Brief:
Below are some records; quote exactly the lines from the one that contains "share of the ground: > 75 %" through the one that contains "country: LT", inclusive, and no others.

[Stored dataset items]
++++++++++

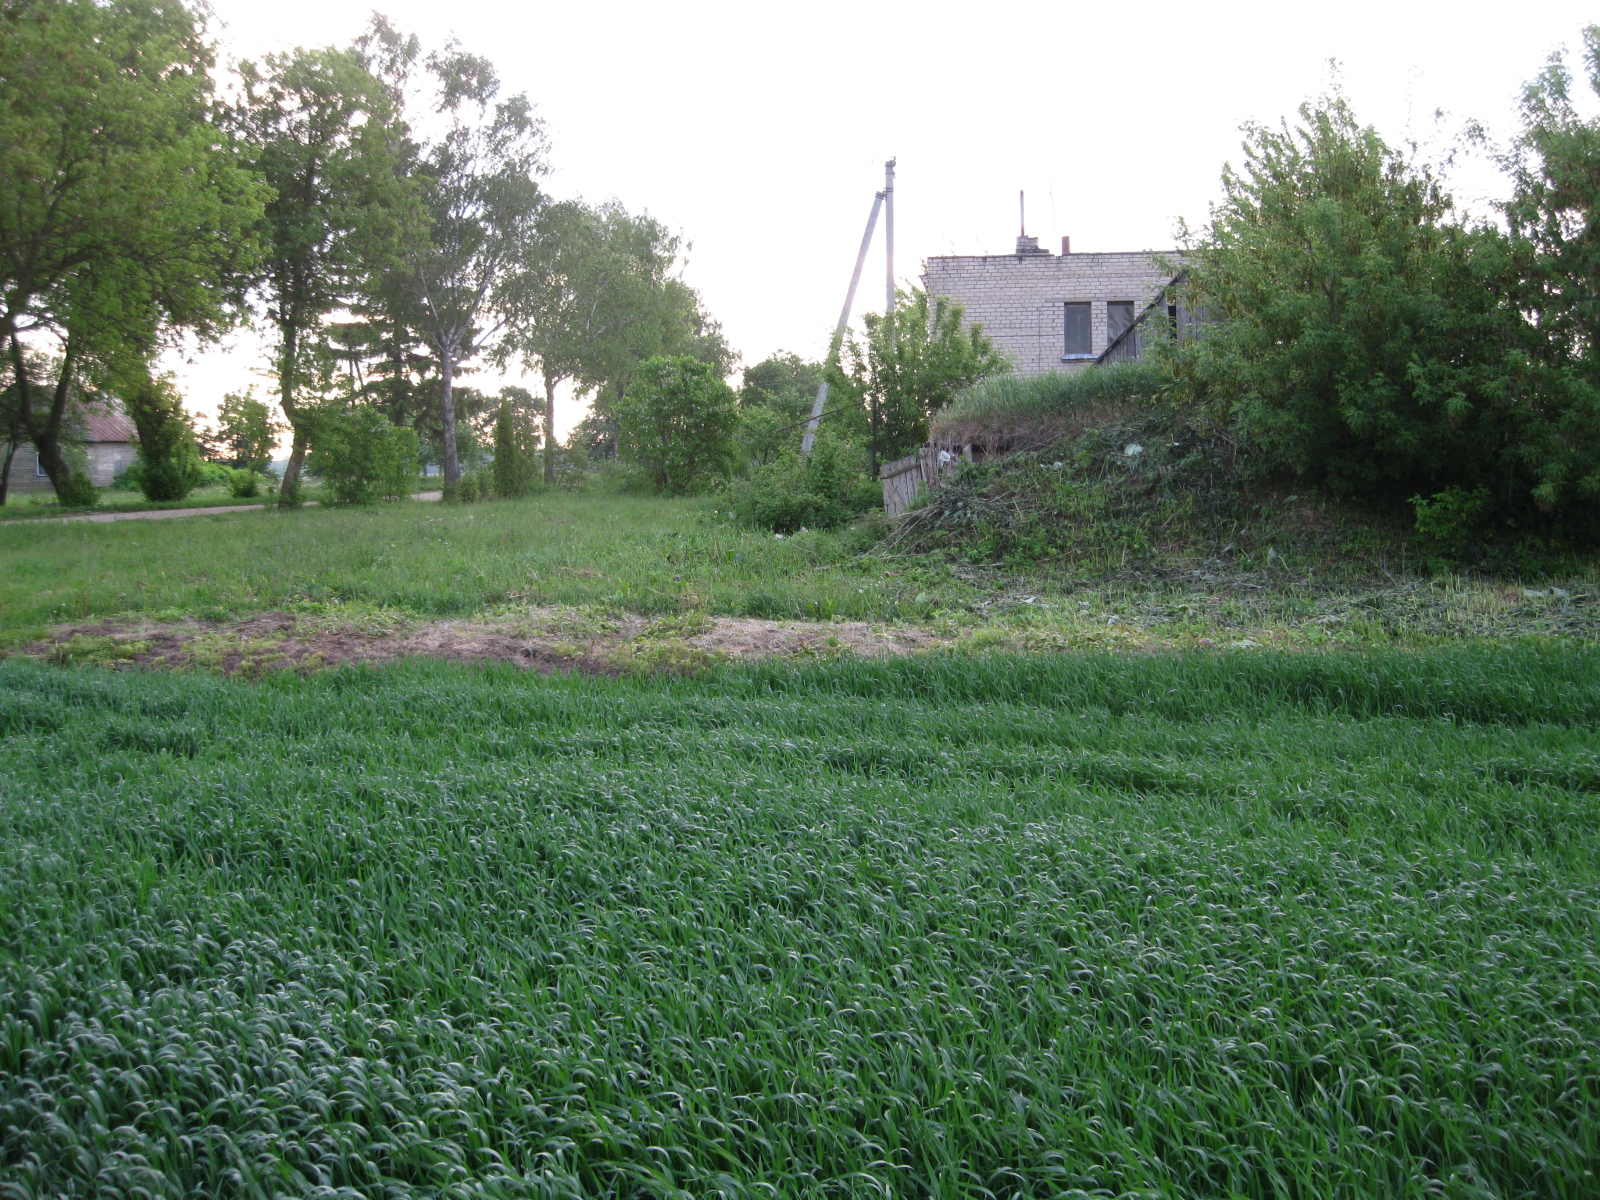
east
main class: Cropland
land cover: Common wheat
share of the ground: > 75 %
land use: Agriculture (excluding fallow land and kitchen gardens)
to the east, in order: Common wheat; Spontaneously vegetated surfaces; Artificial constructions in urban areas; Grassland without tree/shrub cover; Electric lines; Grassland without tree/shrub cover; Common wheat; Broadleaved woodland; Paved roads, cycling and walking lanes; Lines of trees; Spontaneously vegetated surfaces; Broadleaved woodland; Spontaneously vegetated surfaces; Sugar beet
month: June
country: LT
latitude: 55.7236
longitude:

++++++++++

Response box:
share of the ground: > 75 %
land use: Agriculture (excluding fallow land and kitchen gardens)
to the east, in order: Common wheat; Spontaneously vegetated surfaces; Artificial constructions in urban areas; Grassland without tree/shrub cover; Electric lines; Grassland without tree/shrub cover; Common wheat; Broadleaved woodland; Paved roads, cycling and walking lanes; Lines of trees; Spontaneously vegetated surfaces; Broadleaved woodland; Spontaneously vegetated surfaces; Sugar beet
month: June
country: LT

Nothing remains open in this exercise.